Da zaubert mir meine Tante Mirtel mit ihren Rauchwolken ein neues Bild. Wieder sehe ich Walburg. Sie trägt eine Wickelschürze, steht barfuß in Holzpantoffeln in der Waschküche. Sie verteilt die Schäffchen rund um den Kessel. Sie heizt den Kessel. Kübelweise schüttet sie die siedend heiße Lauge in die einzelnen Schäffchen. Der Lkw des Reichsarbeitsdienstes fährt vor. Zwei Männer springen von der Ladefläche, zwei Männer laden ab: körbeweise Fußlappen, körbeweise Unterhosen, körbeweise Hemden. Singend tragen die Männer die Körbe in Walburgs Waschküche. Die Reihen dicht geschlossen. Und noch einen Korb. Blüht ein Blümelein. Und das heißt. Noch einen Korb und noch einen. Eeerika. Schon widersteht es der Walburg. Schon springen die Männer auf den Lkw zurück, schon biegt er aus dem Hof. Stein auf Stein. Das Häuschen wird bald fertig sein. Die Holzpantinen klopfen. Schritt für Schritt. Und die erste und die zweite Hypothek. Zeigt her eure Füßchen, singen die Holzpantinen, zeigt her eure Schuh, wir schauen den fleißigen. Wir Wiener Weiber. Wenn wir wüssten.
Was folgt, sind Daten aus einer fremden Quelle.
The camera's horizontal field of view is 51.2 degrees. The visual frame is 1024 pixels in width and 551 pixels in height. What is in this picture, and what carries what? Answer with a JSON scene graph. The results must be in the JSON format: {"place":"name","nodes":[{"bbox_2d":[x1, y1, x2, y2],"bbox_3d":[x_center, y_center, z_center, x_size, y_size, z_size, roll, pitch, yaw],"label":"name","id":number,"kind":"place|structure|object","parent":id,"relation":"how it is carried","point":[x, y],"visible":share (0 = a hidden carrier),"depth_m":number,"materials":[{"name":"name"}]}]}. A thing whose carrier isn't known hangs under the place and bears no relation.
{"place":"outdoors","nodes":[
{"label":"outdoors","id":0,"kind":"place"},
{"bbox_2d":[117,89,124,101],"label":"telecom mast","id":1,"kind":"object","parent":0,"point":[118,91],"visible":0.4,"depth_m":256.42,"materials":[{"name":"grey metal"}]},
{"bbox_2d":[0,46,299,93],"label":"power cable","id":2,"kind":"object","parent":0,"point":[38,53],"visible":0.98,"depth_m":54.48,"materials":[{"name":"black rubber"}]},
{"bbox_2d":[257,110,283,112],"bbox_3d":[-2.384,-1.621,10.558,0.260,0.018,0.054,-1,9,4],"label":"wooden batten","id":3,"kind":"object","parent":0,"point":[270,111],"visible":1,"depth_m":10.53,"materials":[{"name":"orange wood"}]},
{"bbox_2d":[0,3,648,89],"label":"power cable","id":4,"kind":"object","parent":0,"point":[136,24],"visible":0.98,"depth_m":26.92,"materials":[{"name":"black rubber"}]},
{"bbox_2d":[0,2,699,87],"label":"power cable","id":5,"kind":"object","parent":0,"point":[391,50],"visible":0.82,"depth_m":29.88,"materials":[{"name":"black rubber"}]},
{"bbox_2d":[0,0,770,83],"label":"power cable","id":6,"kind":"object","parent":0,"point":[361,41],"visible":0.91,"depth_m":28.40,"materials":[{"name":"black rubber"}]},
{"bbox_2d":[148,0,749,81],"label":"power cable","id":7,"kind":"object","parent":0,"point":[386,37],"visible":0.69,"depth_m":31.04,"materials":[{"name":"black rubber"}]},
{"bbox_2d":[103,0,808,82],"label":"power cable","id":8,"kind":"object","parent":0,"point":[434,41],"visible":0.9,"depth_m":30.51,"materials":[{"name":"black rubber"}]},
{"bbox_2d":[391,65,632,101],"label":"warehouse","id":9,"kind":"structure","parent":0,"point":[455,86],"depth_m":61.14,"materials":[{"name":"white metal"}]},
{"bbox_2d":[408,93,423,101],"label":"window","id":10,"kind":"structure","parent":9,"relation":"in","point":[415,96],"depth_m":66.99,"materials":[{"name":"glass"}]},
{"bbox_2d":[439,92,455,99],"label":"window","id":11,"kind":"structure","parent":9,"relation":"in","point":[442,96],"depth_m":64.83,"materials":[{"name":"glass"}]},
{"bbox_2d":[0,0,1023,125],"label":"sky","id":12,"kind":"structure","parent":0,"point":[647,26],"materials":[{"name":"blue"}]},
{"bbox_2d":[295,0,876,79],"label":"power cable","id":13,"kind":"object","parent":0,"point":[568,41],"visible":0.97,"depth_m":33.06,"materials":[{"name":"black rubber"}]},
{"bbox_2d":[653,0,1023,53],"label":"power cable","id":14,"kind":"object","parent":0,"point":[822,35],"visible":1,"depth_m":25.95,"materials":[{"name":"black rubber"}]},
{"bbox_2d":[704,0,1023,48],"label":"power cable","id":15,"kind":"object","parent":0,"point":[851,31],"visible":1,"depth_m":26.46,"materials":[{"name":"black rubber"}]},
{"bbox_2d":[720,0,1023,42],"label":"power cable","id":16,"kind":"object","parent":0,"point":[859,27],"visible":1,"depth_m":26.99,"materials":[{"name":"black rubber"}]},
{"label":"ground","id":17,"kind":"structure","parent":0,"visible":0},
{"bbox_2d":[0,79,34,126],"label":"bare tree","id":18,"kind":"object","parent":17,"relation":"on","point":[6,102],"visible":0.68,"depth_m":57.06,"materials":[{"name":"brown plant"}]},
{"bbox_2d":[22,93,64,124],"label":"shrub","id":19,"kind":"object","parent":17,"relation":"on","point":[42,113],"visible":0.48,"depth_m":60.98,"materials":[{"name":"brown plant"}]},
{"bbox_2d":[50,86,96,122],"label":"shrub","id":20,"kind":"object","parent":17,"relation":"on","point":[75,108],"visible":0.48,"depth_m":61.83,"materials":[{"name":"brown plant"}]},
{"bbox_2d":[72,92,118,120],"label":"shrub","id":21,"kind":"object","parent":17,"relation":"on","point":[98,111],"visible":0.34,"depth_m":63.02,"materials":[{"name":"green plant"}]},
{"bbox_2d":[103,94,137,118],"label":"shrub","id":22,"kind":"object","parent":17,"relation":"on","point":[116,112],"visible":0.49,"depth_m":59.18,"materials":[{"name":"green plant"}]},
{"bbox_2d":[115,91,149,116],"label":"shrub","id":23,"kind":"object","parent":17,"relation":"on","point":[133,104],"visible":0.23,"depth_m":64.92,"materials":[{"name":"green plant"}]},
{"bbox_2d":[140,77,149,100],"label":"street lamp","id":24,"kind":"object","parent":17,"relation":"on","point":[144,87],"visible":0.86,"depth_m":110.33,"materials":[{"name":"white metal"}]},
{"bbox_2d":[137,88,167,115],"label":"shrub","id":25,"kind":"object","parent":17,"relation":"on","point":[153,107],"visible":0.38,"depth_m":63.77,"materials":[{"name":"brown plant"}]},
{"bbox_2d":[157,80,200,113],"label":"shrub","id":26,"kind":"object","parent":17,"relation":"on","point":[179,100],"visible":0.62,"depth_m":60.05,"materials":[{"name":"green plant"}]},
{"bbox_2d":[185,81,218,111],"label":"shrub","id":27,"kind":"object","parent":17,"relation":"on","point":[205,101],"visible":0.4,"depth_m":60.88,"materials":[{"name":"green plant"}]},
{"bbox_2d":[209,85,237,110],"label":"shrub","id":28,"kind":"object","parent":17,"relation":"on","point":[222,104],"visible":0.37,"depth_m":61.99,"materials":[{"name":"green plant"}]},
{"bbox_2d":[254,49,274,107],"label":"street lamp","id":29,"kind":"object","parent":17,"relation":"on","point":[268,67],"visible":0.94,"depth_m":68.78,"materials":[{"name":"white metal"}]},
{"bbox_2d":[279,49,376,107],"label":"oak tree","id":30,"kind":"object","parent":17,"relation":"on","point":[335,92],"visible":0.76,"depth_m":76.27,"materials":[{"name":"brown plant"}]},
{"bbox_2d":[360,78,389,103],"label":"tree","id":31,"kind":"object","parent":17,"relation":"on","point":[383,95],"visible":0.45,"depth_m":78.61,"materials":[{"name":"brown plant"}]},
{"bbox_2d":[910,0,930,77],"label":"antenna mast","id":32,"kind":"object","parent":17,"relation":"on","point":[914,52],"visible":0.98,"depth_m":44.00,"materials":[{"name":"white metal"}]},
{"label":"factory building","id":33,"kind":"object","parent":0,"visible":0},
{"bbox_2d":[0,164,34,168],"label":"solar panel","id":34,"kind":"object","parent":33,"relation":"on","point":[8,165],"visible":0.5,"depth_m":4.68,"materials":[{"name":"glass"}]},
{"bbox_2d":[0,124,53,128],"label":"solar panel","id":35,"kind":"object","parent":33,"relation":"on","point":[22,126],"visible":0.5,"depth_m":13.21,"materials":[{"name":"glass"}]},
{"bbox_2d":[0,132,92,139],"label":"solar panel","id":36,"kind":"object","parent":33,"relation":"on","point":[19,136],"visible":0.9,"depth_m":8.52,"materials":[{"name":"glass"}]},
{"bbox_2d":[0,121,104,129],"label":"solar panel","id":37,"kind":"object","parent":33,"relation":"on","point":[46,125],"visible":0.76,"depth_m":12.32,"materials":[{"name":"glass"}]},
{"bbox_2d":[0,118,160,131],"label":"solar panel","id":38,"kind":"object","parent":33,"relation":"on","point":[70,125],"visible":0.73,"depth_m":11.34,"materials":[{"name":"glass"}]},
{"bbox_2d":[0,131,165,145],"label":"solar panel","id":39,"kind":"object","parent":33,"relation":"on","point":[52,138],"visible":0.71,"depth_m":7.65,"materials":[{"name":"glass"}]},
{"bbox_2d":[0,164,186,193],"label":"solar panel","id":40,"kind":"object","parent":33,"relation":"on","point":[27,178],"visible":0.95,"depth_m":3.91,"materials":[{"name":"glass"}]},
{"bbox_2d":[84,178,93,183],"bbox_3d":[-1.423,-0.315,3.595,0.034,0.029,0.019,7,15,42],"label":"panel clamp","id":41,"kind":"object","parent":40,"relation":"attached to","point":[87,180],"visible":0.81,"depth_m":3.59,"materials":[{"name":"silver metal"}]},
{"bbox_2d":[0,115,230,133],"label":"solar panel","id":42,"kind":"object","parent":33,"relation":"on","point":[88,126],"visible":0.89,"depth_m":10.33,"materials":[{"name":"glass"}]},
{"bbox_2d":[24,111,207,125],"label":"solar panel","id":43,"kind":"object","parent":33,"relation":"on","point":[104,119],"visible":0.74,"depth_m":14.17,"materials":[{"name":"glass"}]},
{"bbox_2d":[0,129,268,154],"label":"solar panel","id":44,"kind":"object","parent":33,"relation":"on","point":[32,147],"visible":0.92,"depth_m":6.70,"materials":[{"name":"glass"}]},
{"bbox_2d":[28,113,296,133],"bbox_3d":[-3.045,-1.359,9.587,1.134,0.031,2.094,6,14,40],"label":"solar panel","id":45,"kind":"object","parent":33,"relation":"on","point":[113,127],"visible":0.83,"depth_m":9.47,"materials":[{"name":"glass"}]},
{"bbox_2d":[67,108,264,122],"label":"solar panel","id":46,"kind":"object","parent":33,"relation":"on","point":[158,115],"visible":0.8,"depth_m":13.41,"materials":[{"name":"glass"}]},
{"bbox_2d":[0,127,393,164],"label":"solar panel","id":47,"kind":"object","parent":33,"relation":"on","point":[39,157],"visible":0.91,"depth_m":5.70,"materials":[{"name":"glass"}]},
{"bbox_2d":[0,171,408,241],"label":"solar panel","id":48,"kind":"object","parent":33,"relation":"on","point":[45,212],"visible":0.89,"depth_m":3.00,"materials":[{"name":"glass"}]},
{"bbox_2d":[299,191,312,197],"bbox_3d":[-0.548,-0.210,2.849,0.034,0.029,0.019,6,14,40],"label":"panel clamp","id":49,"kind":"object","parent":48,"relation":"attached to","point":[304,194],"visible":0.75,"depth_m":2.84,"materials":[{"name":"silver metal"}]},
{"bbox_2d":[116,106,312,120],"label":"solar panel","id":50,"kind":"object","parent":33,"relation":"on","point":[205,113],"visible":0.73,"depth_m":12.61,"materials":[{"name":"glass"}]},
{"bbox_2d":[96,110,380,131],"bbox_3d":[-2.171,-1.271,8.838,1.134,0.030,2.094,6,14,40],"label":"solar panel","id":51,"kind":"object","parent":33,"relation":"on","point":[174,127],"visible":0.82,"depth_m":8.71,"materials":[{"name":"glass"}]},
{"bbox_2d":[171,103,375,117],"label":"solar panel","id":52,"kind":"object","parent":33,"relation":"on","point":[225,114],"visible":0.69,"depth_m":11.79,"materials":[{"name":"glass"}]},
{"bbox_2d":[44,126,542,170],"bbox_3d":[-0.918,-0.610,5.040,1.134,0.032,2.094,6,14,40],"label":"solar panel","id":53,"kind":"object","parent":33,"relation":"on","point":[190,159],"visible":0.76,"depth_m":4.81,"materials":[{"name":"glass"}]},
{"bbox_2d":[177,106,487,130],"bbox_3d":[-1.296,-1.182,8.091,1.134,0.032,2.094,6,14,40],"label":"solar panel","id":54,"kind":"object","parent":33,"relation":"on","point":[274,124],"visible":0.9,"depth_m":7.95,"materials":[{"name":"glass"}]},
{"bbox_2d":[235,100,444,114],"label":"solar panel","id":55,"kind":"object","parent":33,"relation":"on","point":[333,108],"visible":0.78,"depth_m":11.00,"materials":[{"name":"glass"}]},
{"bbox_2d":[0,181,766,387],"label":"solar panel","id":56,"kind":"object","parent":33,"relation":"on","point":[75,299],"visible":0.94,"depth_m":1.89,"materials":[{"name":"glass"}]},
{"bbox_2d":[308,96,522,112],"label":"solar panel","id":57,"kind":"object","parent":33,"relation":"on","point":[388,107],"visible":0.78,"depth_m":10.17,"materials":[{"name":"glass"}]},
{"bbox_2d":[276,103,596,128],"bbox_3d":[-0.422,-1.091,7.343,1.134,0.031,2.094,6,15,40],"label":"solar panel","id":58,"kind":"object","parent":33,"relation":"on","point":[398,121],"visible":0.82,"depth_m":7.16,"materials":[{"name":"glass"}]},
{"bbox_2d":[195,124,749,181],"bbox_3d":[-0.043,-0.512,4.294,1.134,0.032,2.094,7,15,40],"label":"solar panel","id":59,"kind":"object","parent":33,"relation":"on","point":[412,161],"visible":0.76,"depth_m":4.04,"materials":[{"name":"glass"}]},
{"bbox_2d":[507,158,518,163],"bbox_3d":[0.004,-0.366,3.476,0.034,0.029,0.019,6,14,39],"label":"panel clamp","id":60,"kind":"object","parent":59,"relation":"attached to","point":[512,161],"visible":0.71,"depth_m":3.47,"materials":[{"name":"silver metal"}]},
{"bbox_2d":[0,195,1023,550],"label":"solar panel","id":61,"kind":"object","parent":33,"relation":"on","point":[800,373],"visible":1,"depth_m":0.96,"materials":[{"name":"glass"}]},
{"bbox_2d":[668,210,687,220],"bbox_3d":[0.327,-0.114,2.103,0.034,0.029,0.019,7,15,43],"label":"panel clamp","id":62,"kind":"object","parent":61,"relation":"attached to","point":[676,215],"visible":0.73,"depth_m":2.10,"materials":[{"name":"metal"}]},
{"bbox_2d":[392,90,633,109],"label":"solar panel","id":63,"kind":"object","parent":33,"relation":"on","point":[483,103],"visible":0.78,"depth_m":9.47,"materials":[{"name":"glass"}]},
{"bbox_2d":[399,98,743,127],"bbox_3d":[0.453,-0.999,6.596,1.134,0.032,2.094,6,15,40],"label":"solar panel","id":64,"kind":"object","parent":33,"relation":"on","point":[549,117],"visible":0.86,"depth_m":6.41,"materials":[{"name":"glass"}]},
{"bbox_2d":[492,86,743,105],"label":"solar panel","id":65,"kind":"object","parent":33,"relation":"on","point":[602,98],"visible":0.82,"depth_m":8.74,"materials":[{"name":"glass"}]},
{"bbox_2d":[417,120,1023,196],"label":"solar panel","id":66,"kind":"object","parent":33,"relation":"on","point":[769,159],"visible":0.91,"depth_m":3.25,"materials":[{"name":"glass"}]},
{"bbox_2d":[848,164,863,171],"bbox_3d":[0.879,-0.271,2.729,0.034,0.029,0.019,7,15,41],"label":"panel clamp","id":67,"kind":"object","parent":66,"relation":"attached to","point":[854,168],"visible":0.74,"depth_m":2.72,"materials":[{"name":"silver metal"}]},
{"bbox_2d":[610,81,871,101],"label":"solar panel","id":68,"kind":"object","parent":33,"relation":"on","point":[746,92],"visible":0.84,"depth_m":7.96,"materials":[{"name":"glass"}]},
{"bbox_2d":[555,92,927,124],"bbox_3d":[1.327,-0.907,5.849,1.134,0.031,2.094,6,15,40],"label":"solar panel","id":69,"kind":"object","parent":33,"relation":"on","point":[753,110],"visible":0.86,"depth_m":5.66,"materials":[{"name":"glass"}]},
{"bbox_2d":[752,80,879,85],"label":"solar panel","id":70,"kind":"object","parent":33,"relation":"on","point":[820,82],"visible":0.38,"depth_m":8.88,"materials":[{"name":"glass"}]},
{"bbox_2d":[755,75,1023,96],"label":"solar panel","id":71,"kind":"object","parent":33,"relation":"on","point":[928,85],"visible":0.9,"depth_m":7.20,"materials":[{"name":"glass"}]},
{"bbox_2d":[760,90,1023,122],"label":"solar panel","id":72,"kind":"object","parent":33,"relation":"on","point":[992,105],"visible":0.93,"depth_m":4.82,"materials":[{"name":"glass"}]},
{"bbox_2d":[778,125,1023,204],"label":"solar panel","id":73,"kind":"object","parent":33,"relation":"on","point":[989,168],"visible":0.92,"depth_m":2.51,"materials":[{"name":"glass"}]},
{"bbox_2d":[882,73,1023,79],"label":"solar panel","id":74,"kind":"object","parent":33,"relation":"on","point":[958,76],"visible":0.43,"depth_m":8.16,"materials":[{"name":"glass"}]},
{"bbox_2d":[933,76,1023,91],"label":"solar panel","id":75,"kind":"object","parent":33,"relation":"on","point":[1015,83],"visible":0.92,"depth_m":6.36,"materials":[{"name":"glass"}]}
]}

Nur ganz leicht drehen sich die Rauchkringel des Zigarillos meiner Tante Mirtel. Und nur ganz zufällig wickelt sich die Wickelschürze nicht um Walburg, um die sie schon gewickelt ist größtenteils, nur ganz beiläufig ist da noch ein Stück Wickelschürze ohne Beschäftigung, nur ganz nebenher entdeckt dieses sich langweilende Stück Wickelschürze, nur ganz nebenbei und beiläufig und zufällig und ohne Absicht und ohne, ganz und gar ohne an etwas Böses zu denken wickelt sich ein Stück Wickelschürze um eine Entdeckung. Diese Entdeckung für die Wickelschürze heißt Holzgriff. Der Holzgriff gehört einem Waschschaff. Das Waschschaff steht auf einem Holzbock. Der Holzbock sieht aus wie ein Kreuz. Der du für uns das schwere Kreuz getragen hast. Die Wickelschürze wickelt sich. Sie wickelt sich eins, zwei, drei um einen Holzgriff eines Waschschaffs. In dem Waschschaff auf dem Holzbock schwimmt Lauge. Die Lauge ist für die Fußlappen des Reichsarbeitsdienstes. Die Fußlappen stinken. Der Walburg ist schon wieder schlecht. Weil die Fußlappen stinken, muss die Lauge kochen. Ergo: In dem Waschschaff auf dem Holzbock, der du für uns das schwere Kreuz, schwimmt siedend heiße, kochend heiße Lauge. Selbstverständlich für die Fußlappen. Selbstverständlich gegen den Gestank der Fußlappen. Die Wickelschürze wickelt sich um den Holzgriff. Sie hält ihn fest, denn ein Griff ist dazu da, um festgehalten zu werden oder um beim Wegtragen des Waschschaffes behilflich zu sein, ganz unabhängig davon, ob das Waschschaff mit heißer Lauge oder mit kaltem Wasser oder überhaupt nicht gefüllt ist. Die Wickelschürze besteht auf dem Wickeln und auf dem Wegtragen, der Holzgriff verhält sich so, wie sich ein Holzgriff verhält.